§ **Data in this exercise**:

◇ ◇ ◇ ◇

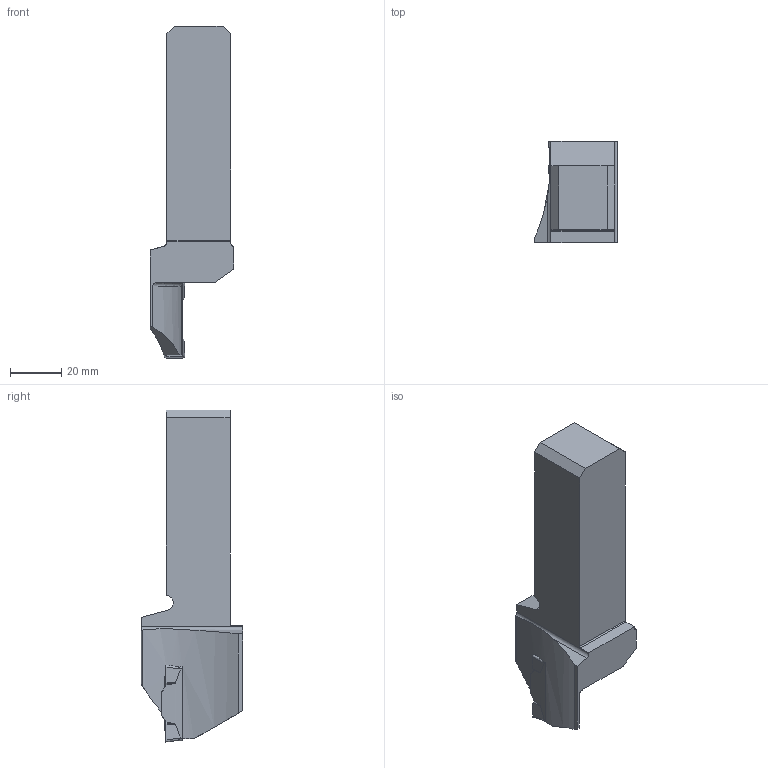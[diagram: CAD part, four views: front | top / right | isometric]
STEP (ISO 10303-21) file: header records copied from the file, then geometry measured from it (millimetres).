
FILE_DESCRIPTION(/* description */ (''),/* implementation_level */ '2;1');
FILE_NAME(/* name */ 'toolassembly_1.stp',/* time_stamp */ '2020-01-09T09:03:31+01:00',/* author */ (''),/* organization */ ('SMS'),/* preprocessor_version */ 'ST-DEVELOPER v16.7',/* originating_system */ 'SIEMENS PLM Software NX 12.0',/* authorisation */ '');
FILE_SCHEMA (('AUTOMOTIVE_DESIGN { 1 0 10303 214 3 1 1 1 }'));
Length unit declared in the file: millimetre
Products named in the file (4): ASSEMBLY_CONSTRUCTION; CUT_20200109090310; NOCUT_20200109090209; TOOLASSEMBLY_1
Assembly tree (3 placements, depth 2):
  TOOLASSEMBLY_1
    NOCUT_20200109090209
    CUT_20200109090310
    ASSEMBLY_CONSTRUCTION
Bounding box: 32.42 x 39.7 x 129.45 mm (x, y, z)
Volume: 74298.9 mm3; surface area: 15251.6 mm2
Topology: 2 solids, 2 shells, 106 faces, 312 edges, 216 vertices
Faces by surface type: plane 61, cylinder 20, extrusion 20, bspline 4, torus 1
Entity records: 4834 total; most frequent: CARTESIAN_POINT 1979, ORIENTED_EDGE 622, DIRECTION 469, EDGE_CURVE 311, VECTOR 213, VERTEX_POINT 209, LINE 193, AXIS2_PLACEMENT_3D 128
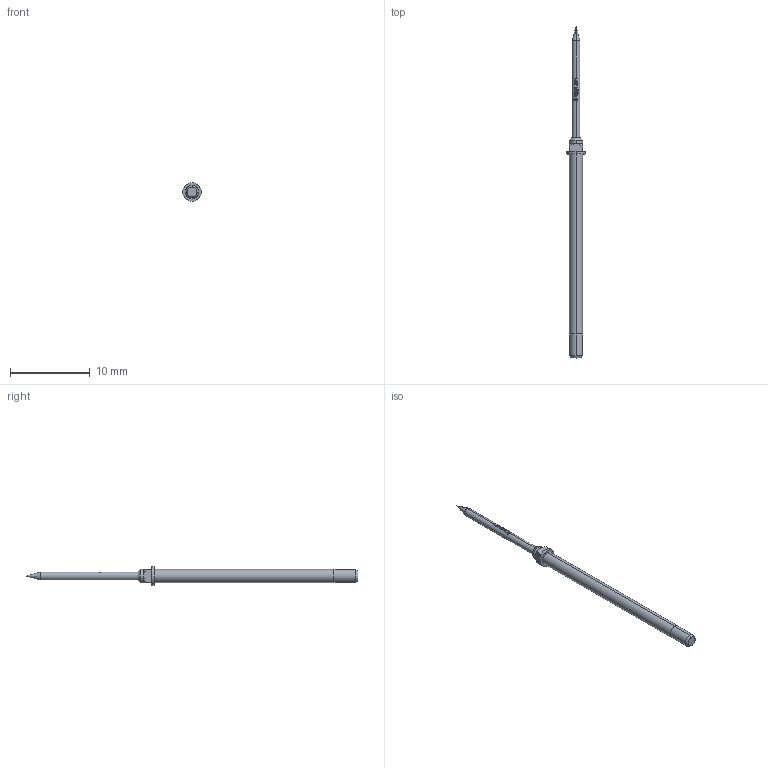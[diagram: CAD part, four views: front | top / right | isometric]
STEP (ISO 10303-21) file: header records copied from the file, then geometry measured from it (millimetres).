
FILE_DESCRIPTION (( 'STEP AP203' ), '1' );
FILE_NAME ('INGUN_GKS-112_251_100_A_xx02_M-L2.STEP', '2022-01-14T09:41:28', ( 'ochi' ), ( '' ), 'SwSTEP 2.0', 'SolidWorks 2018', '' );
FILE_SCHEMA (( 'CONFIG_CONTROL_DESIGN' ));
Length unit declared in the file: millimetre
Products named in the file (1): INGUN_GKS-112_251_100_A_xx02_M-L2
Bounding box: 2.3 x 41.5 x 2.3 mm (x, y, z)
Volume: 69.5 mm3; surface area: 190.8 mm2
Topology: 1 solids, 1 shells, 104 faces, 285 edges, 185 vertices
Faces by surface type: plane 52, bspline 22, cylinder 20, cone 10
Entity records: 3654 total; most frequent: CARTESIAN_POINT 1113, ORIENTED_EDGE 566, DIRECTION 447, EDGE_CURVE 283, VERTEX_POINT 185, AXIS2_PLACEMENT_3D 175, EDGE_LOOP 108, FACE_OUTER_BOUND 104
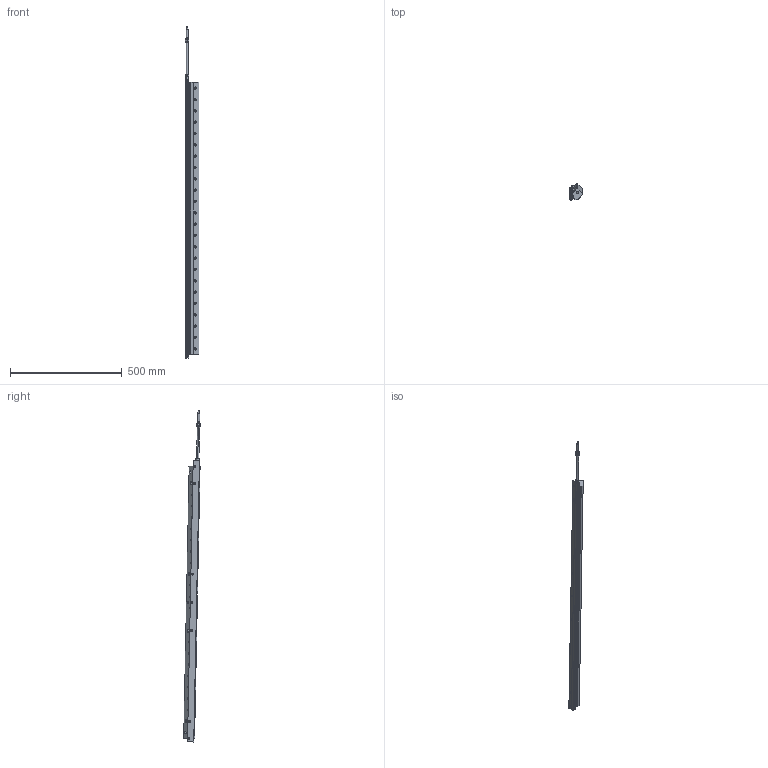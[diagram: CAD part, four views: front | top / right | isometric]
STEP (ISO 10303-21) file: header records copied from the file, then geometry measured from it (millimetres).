
FILE_DESCRIPTION(/* description */ (''),/* implementation_level */ '2;1');
FILE_NAME(/* name */ '112048-DIM.stp',/* time_stamp */ '2022-11-29T15:38:58-05:00',/* author */ ('Nathan Yorke'),/* organization */ (''),/* preprocessor_version */ 'ST-DEVELOPER v19',/* originating_system */ 'Autodesk Inventor 2023',/* authorisation */ '');
FILE_SCHEMA (('AUTOMOTIVE_DESIGN { 1 0 10303 214 3 1 1 }'));
Length unit declared in the file: inch
Products named in the file (1): 112048-DIM
Bounding box: 60.91 x 76.33 x 1488.39 mm (x, y, z)
Volume: 1804525.5 mm3; surface area: 402167.9 mm2
Topology: 2 solids, 2 shells, 829 faces, 1867 edges, 1225 vertices
Faces by surface type: plane 477, cylinder 227, cone 89, torus 36
Full cylindrical faces by diameter (mm): 0.635 x96, 1.984 x2, 2.54 x1, 2.845 x2, 3.454 x1, 3.485 x1, 4.089 x4, 4.978 x1, 5.055 x1, 6.35 x21, 6.604 x1, 6.731 x1, 6.747 x3, 8.128 x2, 9.144 x1, 9.169 x4, 9.423 x1, 9.525 x2, 10.058 x1, 10.414 x2, 11.1 x28, 11.112 x5, 12.7 x24, 13.462 x1, 13.716 x1, 15.875 x2
Entity records: 24010 total; most frequent: CARTESIAN_POINT 4693, DIRECTION 3867, ORIENTED_EDGE 3666, EDGE_CURVE 1833, AXIS2_PLACEMENT_3D 1472, VERTEX_POINT 1225, EDGE_LOOP 1072, LINE 923
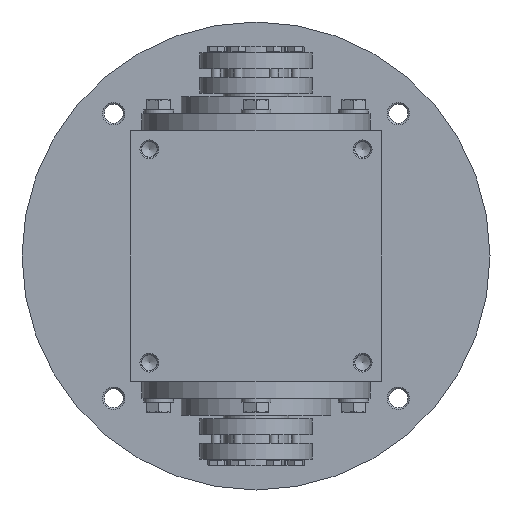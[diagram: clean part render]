
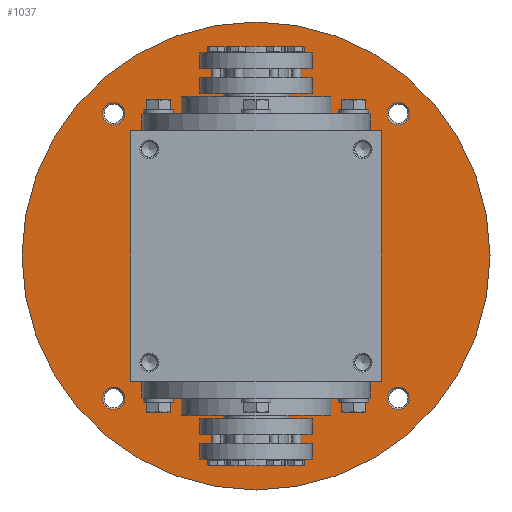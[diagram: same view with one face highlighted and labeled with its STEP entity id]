
A CAD part, left-side view. The second image highlights one B-rep face of the part: STEP entity #1037.
In plain terms, the highlighted planar face has unit normal (-1, 0, 0).
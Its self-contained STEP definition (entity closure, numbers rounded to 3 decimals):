
#1037 = ADVANCED_FACE( '', ( #2168, #2169, #2170, #2171, #2172, #2173 ), #2174, .F. );
#2168 = FACE_OUTER_BOUND( '', #3310, .T. );
#2169 = FACE_BOUND( '', #3311, .T. );
#2170 = FACE_BOUND( '', #3312, .T. );
#2171 = FACE_BOUND( '', #3313, .T. );
#2172 = FACE_BOUND( '', #3314, .T. );
#2173 = FACE_BOUND( '', #3315, .T. );
#2174 = PLANE( '', #3316 );
#3310 = EDGE_LOOP( '', ( #5472 ) );
#3311 = EDGE_LOOP( '', ( #5473 ) );
#3312 = EDGE_LOOP( '', ( #5474 ) );
#3313 = EDGE_LOOP( '', ( #5475 ) );
#3314 = EDGE_LOOP( '', ( #5476 ) );
#3315 = EDGE_LOOP( '', ( #5477 ) );
#3316 = AXIS2_PLACEMENT_3D( '', #5478, #5479, #5480 );
#5472 = ORIENTED_EDGE( '', *, *, #6245, .F. );
#5473 = ORIENTED_EDGE( '', *, *, #6388, .T. );
#5474 = ORIENTED_EDGE( '', *, *, #6338, .T. );
#5475 = ORIENTED_EDGE( '', *, *, #5828, .T. );
#5476 = ORIENTED_EDGE( '', *, *, #6307, .T. );
#5477 = ORIENTED_EDGE( '', *, *, #6315, .T. );
#5478 = CARTESIAN_POINT( '', ( 55., 50., 0. ) );
#5479 = DIRECTION( '', ( 1., 0., 0. ) );
#5480 = DIRECTION( '', ( 0., 0., -1. ) );
#5828 = EDGE_CURVE( '', #6719, #6719, #6720, .T. );
#6245 = EDGE_CURVE( '', #7394, #7394, #7395, .T. );
#6307 = EDGE_CURVE( '', #7484, #7484, #7485, .T. );
#6315 = EDGE_CURVE( '', #7493, #7493, #7494, .T. );
#6338 = EDGE_CURVE( '', #7525, #7525, #7526, .T. );
#6388 = EDGE_CURVE( '', #7596, #7596, #7597, .T. );
#6719 = VERTEX_POINT( '', #7982 );
#6720 = CIRCLE( '', #7983, 6. );
#7394 = VERTEX_POINT( '', #8995 );
#7395 = CIRCLE( '', #8996, 125. );
#7484 = VERTEX_POINT( '', #9128 );
#7485 = CIRCLE( '', #9129, 6. );
#7493 = VERTEX_POINT( '', #9140 );
#7494 = CIRCLE( '', #9141, 50. );
#7525 = VERTEX_POINT( '', #9194 );
#7526 = CIRCLE( '', #9195, 6. );
#7596 = VERTEX_POINT( '', #9297 );
#7597 = CIRCLE( '', #9298, 6. );
#7982 = CARTESIAN_POINT( '', ( 55., -76.014, -82.014 ) );
#7983 = AXIS2_PLACEMENT_3D( '', #9806, #9807, #9808 );
#8995 = CARTESIAN_POINT( '', ( 55., 0., -125. ) );
#8996 = AXIS2_PLACEMENT_3D( '', #10372, #10373, #10374 );
#9128 = CARTESIAN_POINT( '', ( 55., 76.014, 70.014 ) );
#9129 = AXIS2_PLACEMENT_3D( '', #10466, #10467, #10468 );
#9140 = CARTESIAN_POINT( '', ( 55., 0., -50. ) );
#9141 = AXIS2_PLACEMENT_3D( '', #10478, #10479, #10480 );
#9194 = CARTESIAN_POINT( '', ( 55., 76.014, -82.014 ) );
#9195 = AXIS2_PLACEMENT_3D( '', #10505, #10506, #10507 );
#9297 = CARTESIAN_POINT( '', ( 55., -76.014, 70.014 ) );
#9298 = AXIS2_PLACEMENT_3D( '', #10580, #10581, #10582 );
#9806 = CARTESIAN_POINT( '', ( 55., -76.014, -76.014 ) );
#9807 = DIRECTION( '', ( 1., 0., 0. ) );
#9808 = DIRECTION( '', ( 0., 0., -1. ) );
#10372 = CARTESIAN_POINT( '', ( 55., 0., 0. ) );
#10373 = DIRECTION( '', ( 1., 0., 0. ) );
#10374 = DIRECTION( '', ( 0., 0., -1. ) );
#10466 = CARTESIAN_POINT( '', ( 55., 76.014, 76.014 ) );
#10467 = DIRECTION( '', ( 1., 0., 0. ) );
#10468 = DIRECTION( '', ( 0., 0., -1. ) );
#10478 = CARTESIAN_POINT( '', ( 55., 0., 0. ) );
#10479 = DIRECTION( '', ( 1., 0., 0. ) );
#10480 = DIRECTION( '', ( 0., 0., -1. ) );
#10505 = CARTESIAN_POINT( '', ( 55., 76.014, -76.014 ) );
#10506 = DIRECTION( '', ( 1., 0., 0. ) );
#10507 = DIRECTION( '', ( 0., 0., -1. ) );
#10580 = CARTESIAN_POINT( '', ( 55., -76.014, 76.014 ) );
#10581 = DIRECTION( '', ( 1., 0., 0. ) );
#10582 = DIRECTION( '', ( 0., 0., -1. ) );

◇ ◇ ◇ ◇

§ **Exercise instructions**:
Among the records above, find each line holding "torus" and list it.

§ **Exercise output**:
Faces by surface type: plane 61, cylinder 20, extrusion 20, bspline 4, torus 1
Faces by surface type: plane 477, cylinder 227, cone 89, torus 36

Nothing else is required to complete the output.